§ **Problem requirements**
The expected answer is the set of lines in the data below between the line holding "L 885.353 307.372" and the line holding "Q 912.834 317.821, 911.276 317.821", inclusive, written out exactly.

Stored dataset items:
____________

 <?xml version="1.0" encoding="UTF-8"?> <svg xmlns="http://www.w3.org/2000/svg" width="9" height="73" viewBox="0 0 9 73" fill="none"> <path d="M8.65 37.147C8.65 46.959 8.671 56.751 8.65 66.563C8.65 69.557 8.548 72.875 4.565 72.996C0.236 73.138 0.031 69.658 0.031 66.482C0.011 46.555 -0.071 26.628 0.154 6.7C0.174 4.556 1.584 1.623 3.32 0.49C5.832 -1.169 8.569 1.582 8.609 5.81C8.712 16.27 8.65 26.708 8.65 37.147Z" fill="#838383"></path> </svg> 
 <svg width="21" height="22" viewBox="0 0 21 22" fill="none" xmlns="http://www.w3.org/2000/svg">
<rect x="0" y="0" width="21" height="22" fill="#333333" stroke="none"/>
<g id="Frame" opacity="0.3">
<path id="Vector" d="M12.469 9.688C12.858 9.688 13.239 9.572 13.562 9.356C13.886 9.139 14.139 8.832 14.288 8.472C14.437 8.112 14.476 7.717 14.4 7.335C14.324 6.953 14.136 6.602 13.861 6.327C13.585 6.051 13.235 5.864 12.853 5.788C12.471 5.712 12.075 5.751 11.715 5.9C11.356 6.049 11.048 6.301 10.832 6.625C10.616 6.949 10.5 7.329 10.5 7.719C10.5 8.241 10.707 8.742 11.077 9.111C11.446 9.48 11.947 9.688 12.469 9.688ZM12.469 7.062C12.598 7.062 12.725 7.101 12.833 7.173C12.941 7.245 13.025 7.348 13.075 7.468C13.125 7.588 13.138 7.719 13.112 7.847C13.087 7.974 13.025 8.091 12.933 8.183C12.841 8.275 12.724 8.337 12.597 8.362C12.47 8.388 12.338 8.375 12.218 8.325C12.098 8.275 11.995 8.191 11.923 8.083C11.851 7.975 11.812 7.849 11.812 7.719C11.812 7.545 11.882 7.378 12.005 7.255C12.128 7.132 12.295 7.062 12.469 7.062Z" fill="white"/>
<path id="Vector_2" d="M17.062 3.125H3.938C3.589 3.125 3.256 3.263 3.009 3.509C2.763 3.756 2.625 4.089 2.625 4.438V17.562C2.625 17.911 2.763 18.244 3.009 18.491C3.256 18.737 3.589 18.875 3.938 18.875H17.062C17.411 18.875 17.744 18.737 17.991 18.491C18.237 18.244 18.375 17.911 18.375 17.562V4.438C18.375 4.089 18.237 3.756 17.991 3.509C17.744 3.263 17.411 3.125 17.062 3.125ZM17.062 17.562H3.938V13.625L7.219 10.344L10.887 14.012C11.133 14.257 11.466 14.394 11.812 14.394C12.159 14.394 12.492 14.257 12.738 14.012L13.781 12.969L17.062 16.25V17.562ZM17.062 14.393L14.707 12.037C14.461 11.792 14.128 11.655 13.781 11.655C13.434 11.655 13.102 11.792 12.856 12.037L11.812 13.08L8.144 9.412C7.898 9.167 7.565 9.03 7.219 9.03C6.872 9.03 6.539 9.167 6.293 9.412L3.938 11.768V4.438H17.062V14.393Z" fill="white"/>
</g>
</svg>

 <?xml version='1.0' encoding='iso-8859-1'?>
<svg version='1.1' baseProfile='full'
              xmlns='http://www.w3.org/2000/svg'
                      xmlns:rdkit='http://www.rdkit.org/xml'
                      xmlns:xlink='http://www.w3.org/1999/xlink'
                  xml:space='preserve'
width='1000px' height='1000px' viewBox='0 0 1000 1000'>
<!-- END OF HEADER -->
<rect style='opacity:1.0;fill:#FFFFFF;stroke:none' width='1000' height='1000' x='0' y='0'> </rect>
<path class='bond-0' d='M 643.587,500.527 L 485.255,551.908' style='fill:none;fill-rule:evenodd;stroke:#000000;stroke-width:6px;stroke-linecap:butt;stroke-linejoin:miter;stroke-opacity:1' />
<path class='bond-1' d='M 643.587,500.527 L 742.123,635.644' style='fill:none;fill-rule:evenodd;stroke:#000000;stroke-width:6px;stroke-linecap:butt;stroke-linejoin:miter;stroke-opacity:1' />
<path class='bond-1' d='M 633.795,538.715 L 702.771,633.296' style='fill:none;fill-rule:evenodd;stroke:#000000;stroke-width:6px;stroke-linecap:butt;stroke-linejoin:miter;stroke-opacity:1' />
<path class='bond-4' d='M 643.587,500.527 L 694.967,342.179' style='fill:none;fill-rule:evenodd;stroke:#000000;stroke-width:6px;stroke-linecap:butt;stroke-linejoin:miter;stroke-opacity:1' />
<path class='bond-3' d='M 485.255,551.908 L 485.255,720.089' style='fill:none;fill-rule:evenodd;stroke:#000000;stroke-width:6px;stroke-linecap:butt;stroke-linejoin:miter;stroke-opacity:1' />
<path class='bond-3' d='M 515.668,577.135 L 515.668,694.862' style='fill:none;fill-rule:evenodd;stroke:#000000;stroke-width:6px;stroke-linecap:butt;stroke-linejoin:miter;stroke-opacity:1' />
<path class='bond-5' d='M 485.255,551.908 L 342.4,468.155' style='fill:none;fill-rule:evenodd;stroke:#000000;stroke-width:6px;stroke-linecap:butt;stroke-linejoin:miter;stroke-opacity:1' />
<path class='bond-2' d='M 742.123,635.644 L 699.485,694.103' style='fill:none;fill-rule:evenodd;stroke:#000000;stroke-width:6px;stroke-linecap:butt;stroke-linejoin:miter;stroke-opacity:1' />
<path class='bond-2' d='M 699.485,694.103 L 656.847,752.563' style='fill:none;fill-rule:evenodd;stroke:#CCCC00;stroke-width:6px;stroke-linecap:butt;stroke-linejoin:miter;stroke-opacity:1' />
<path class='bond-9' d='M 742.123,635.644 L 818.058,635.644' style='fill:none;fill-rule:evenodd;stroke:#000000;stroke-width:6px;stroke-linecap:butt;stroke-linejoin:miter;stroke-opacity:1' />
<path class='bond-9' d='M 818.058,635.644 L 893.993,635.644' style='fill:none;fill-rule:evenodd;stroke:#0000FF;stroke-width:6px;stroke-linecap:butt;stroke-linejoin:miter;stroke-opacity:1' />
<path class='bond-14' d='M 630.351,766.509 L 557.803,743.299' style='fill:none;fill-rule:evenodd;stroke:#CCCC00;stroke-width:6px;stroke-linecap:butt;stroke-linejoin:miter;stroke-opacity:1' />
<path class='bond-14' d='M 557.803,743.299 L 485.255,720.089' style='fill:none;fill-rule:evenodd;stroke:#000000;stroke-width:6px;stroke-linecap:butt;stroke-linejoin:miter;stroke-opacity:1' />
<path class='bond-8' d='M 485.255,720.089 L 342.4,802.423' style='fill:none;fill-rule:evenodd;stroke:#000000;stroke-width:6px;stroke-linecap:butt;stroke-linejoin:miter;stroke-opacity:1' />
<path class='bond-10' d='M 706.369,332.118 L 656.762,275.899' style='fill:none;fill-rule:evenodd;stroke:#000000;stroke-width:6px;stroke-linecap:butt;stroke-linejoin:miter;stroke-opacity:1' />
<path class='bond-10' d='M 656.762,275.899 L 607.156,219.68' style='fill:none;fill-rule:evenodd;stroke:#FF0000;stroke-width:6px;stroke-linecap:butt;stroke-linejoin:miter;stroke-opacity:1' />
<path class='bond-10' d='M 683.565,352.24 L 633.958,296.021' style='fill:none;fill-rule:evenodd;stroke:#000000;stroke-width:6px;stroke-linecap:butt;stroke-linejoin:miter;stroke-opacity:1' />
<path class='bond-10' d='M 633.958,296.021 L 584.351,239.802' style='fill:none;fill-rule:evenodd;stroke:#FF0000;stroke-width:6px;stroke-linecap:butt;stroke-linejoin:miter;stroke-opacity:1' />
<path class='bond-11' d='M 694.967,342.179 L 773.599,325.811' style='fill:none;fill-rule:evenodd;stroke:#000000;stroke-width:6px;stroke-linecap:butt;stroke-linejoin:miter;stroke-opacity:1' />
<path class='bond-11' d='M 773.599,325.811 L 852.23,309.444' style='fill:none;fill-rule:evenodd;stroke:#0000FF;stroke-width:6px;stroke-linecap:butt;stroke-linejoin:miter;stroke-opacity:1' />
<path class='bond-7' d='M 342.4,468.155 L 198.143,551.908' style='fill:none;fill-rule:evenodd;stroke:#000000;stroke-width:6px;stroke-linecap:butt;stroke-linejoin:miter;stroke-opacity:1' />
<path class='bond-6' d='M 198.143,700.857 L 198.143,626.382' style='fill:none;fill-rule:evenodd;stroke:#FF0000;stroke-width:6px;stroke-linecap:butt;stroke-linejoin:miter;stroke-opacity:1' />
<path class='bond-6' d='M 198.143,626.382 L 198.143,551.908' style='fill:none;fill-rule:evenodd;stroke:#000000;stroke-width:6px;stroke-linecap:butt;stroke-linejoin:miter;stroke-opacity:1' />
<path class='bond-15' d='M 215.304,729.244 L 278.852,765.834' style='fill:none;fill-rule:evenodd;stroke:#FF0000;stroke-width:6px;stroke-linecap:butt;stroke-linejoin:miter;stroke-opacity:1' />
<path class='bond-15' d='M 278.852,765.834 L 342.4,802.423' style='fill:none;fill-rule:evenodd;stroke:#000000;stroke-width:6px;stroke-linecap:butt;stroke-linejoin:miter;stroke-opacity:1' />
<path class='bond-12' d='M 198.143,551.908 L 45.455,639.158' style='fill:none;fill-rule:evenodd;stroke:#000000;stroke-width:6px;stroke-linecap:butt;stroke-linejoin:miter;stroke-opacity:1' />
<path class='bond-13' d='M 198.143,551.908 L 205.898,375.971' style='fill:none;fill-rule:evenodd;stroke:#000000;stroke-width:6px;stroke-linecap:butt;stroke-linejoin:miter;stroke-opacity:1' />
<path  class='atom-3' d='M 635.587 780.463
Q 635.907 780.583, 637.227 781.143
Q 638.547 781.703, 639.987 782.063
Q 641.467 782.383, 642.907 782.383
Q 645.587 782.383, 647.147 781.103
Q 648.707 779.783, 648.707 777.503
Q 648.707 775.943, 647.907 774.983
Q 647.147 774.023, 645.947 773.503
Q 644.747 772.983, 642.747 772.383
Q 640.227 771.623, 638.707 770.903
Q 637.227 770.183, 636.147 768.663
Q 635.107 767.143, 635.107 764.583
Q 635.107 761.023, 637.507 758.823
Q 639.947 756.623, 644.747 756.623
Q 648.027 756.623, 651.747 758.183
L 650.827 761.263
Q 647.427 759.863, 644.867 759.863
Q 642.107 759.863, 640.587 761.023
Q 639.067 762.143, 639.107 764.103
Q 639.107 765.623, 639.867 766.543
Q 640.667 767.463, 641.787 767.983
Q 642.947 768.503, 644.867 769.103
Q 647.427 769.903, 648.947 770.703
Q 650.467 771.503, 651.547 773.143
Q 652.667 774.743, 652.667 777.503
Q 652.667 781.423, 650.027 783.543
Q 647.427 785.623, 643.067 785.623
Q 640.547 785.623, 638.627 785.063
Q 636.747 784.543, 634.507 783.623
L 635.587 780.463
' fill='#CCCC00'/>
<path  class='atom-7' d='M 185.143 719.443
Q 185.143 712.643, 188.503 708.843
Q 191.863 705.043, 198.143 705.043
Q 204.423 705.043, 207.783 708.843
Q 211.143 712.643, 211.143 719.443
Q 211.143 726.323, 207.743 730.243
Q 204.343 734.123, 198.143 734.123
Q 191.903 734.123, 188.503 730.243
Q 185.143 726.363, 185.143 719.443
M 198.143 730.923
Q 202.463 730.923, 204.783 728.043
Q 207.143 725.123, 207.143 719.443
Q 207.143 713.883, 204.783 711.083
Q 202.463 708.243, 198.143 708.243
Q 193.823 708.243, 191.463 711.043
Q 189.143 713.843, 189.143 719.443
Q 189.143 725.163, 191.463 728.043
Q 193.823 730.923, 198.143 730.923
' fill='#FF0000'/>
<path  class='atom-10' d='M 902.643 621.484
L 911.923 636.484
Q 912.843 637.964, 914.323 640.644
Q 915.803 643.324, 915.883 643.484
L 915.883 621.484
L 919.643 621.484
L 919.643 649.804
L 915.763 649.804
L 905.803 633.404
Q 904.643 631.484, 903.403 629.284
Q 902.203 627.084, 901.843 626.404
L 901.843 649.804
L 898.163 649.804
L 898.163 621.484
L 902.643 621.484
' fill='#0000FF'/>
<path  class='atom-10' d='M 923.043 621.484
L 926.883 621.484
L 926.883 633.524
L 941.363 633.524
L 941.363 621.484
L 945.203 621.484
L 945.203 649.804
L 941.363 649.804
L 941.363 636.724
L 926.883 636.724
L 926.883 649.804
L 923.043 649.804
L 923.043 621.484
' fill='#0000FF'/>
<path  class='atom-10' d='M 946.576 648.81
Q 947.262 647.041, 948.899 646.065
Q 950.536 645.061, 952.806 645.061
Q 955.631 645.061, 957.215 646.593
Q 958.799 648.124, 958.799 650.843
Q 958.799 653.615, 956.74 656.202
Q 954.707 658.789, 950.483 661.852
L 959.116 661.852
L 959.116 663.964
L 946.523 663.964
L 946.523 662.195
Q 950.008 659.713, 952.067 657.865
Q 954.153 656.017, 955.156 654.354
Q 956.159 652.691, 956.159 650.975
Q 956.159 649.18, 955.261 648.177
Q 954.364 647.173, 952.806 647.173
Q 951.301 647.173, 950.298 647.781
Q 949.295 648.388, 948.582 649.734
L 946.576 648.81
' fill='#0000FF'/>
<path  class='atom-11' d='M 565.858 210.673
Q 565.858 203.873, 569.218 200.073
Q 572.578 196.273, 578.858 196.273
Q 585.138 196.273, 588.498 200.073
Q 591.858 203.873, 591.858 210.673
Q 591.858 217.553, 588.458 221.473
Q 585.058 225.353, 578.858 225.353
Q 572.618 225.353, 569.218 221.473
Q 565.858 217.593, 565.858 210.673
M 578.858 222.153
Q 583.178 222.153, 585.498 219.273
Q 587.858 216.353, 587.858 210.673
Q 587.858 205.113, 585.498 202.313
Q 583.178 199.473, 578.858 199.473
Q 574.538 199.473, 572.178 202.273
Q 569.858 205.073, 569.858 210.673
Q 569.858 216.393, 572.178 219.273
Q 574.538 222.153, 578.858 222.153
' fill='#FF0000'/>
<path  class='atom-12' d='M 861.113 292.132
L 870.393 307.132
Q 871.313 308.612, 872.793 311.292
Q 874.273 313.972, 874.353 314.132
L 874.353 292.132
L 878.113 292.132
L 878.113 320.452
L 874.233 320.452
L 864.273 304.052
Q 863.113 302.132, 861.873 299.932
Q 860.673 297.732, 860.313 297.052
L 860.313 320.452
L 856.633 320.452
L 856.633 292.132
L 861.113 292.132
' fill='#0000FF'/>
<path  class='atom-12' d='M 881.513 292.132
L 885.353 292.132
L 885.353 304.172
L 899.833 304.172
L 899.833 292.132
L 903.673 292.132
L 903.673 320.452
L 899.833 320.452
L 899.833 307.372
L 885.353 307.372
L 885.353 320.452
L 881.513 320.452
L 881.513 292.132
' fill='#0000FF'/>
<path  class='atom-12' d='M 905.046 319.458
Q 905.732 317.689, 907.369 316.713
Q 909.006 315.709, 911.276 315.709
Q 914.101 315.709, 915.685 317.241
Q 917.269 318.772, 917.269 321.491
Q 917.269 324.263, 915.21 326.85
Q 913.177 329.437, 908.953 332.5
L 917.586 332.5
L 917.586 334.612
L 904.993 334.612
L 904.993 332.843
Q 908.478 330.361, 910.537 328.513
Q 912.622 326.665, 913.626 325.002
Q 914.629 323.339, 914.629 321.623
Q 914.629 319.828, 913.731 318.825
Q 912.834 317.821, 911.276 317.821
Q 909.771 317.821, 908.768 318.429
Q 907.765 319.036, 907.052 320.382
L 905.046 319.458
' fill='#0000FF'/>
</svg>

____________

§ **Solution to the problem**
L 885.353 307.372
L 885.353 320.452
L 881.513 320.452
L 881.513 292.132
' fill='#0000FF'/>
<path  class='atom-12' d='M 905.046 319.458
Q 905.732 317.689, 907.369 316.713
Q 909.006 315.709, 911.276 315.709
Q 914.101 315.709, 915.685 317.241
Q 917.269 318.772, 917.269 321.491
Q 917.269 324.263, 915.21 326.85
Q 913.177 329.437, 908.953 332.5
L 917.586 332.5
L 917.586 334.612
L 904.993 334.612
L 904.993 332.843
Q 908.478 330.361, 910.537 328.513
Q 912.622 326.665, 913.626 325.002
Q 914.629 323.339, 914.629 321.623
Q 914.629 319.828, 913.731 318.825
Q 912.834 317.821, 911.276 317.821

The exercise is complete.